It also had to do with US foundries closing by the dozens. I worked for a company that purchased both gray and ductile castings, and we were able to find good quality castings from England long after the reputable US foundries closed. 

Also, just to show how we Colonists don't really look down on English tools, take a quick perusal of ebay auctions in the U.S. It will show that even late Record planes (but pre brass knob cap) where the seller is located in the U.S. sell for more than similar planes where the seller is located in the UK. That might have something to do with how plenteous they are in the UK, but one must remember that for many years, Record was carried by Garrett Wade, which at that time was rather upscale. Up until the brass knob cap years, and prior to LN and LV, Record planes had a fairly good reputation in the States. And just try to name an American wood-vise manufacturer that sold a tiny fraction of what was sold by Record over here.

When I first became interested in hand tools (late-eighties) I purchased a Record No. 7 and while I did not care for the rattling lateral adjuster, or blinding chrome lever cap, the bed was flat* and sides square right out of the box. Second, the tungsten vanadium blade held an edge longer than any of my U.S. made Stanley blades. 

Having since become enamored with woodies, I can't say enough about those thick Sheffield blades.

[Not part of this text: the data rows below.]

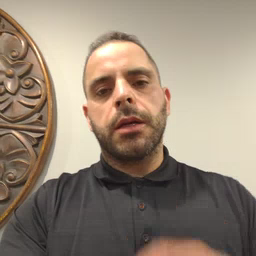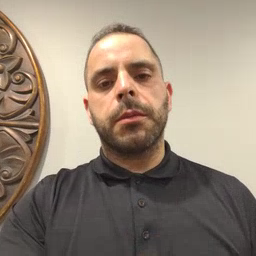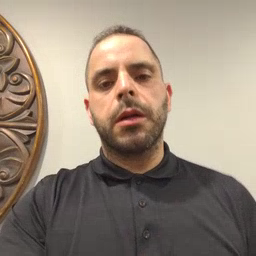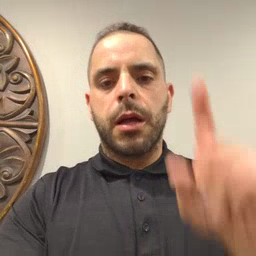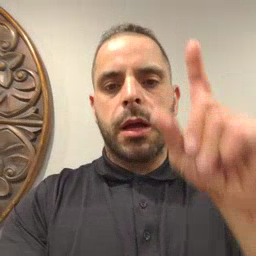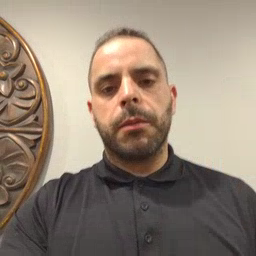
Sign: up
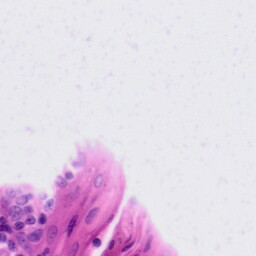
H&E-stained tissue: Tonsil
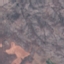
Land use / land cover class: HerbaceousVegetation

With Hock wood plane blade assemblies now pushing $50 (ouch!), someone like Tony Murland or Andrew Stephens should be stripping those older Sheffield blades and cap irons out of shot English woodies and peddle them here for wooden plane builders.

(* I did not use a granite surface plate with laser micrometer to measure the flatness, but the plane functioned quite well.)


----------



## bugbear (9 Mar 2006)

<i>someone like Tony Murland or Andrew Stephens should be stripping those older Sheffield blades and cap irons out of shot English woodies and peddle them here for wooden plane builders. </i>

I've considered this.

BugBear


----------



## OPJ (10 Mar 2006)

I think you can "feel" the difference in weight between a cheap, modern plane and a truly vintage one.

Courtesy of eBay (again!), I acquired a Stanley no.4 this week, of which the seller seems to believe could be 40-50 years old. Hold this up against the brand new Stanley no.5 I bought a year ago and it was a significant amount more! You can feel the long-lasting quality.


----------